+++ Records for processing

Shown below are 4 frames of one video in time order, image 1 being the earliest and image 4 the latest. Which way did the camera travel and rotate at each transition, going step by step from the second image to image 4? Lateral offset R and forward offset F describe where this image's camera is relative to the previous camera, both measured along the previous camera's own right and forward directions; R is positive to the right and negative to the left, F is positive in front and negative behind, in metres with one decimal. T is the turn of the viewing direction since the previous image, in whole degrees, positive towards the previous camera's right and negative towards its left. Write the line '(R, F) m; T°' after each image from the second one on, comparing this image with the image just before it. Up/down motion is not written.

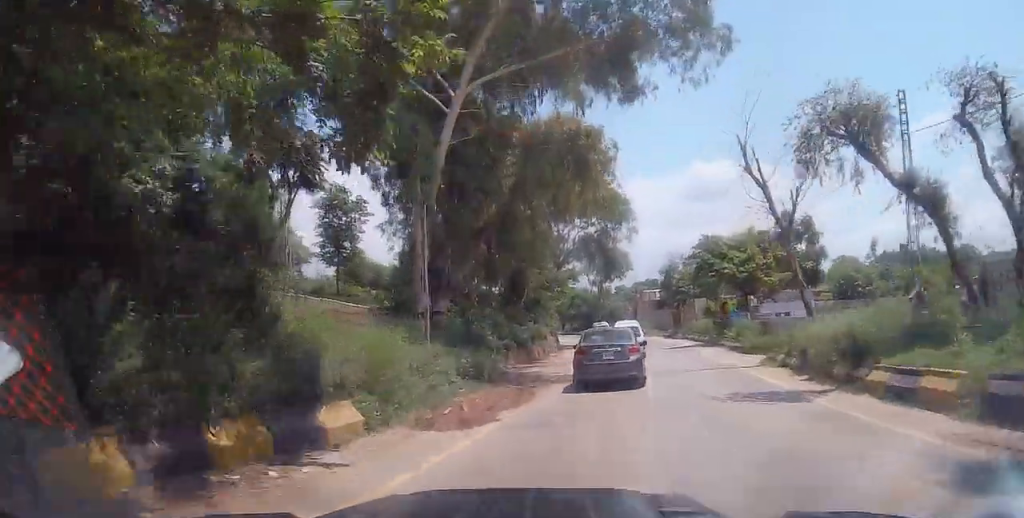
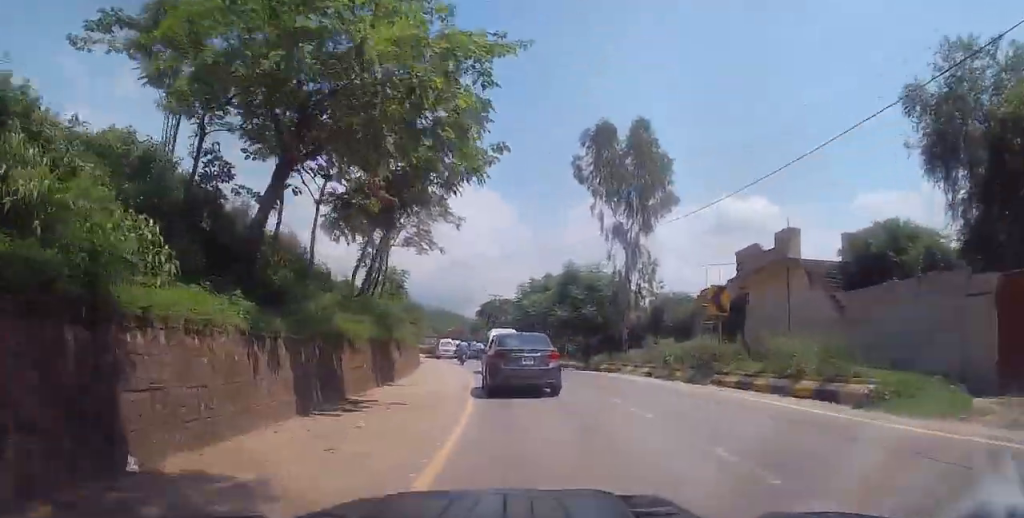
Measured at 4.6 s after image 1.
(+3.6, +52.0) m; -16°
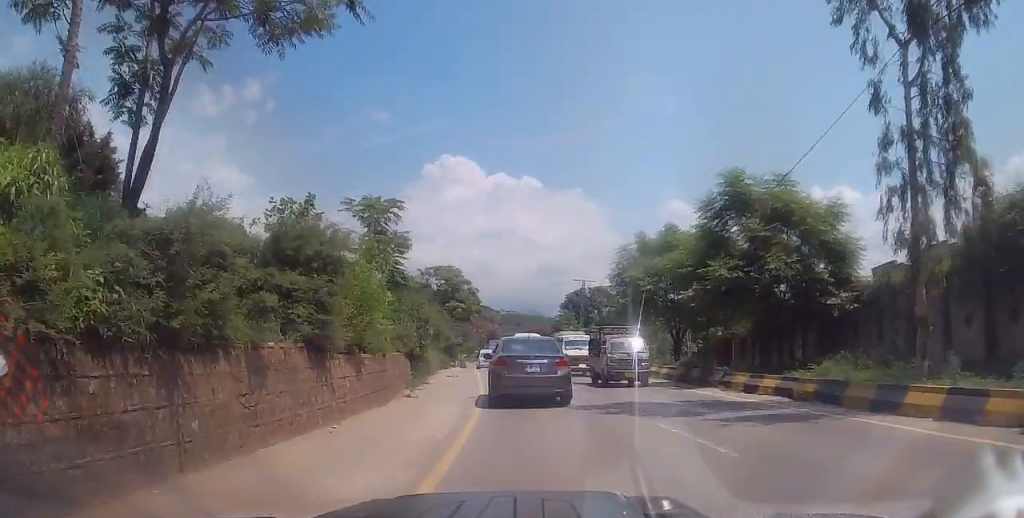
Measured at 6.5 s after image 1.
(+1.7, +19.0) m; +16°
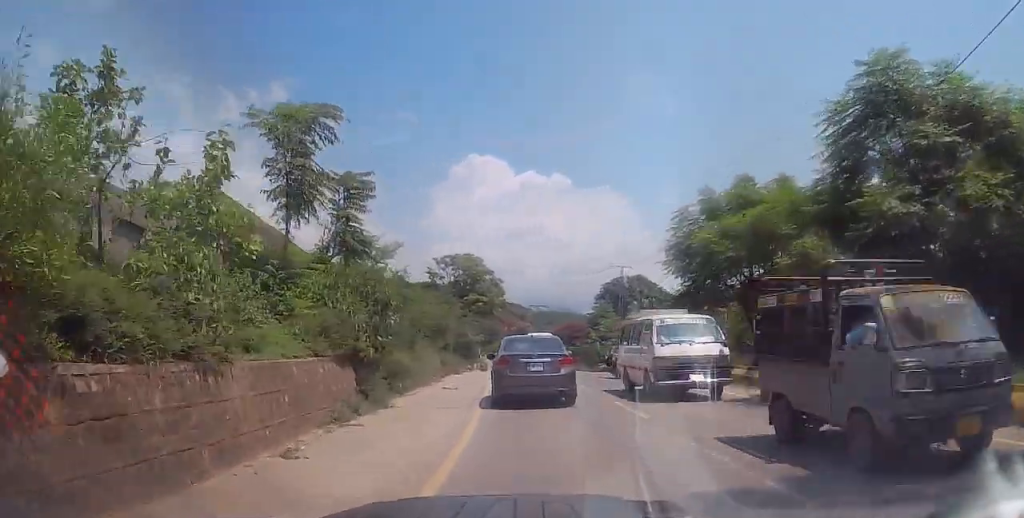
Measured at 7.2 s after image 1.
(-0.8, +8.8) m; -7°

++++++

What to do. Copy the entries above exactly from the line with "Measured at 6.5 s after image 1." down to their last line, both ends included. Do not copy any pictures.

Solution to this exercise.
Measured at 6.5 s after image 1.
(+1.7, +19.0) m; +16°
Measured at 7.2 s after image 1.
(-0.8, +8.8) m; -7°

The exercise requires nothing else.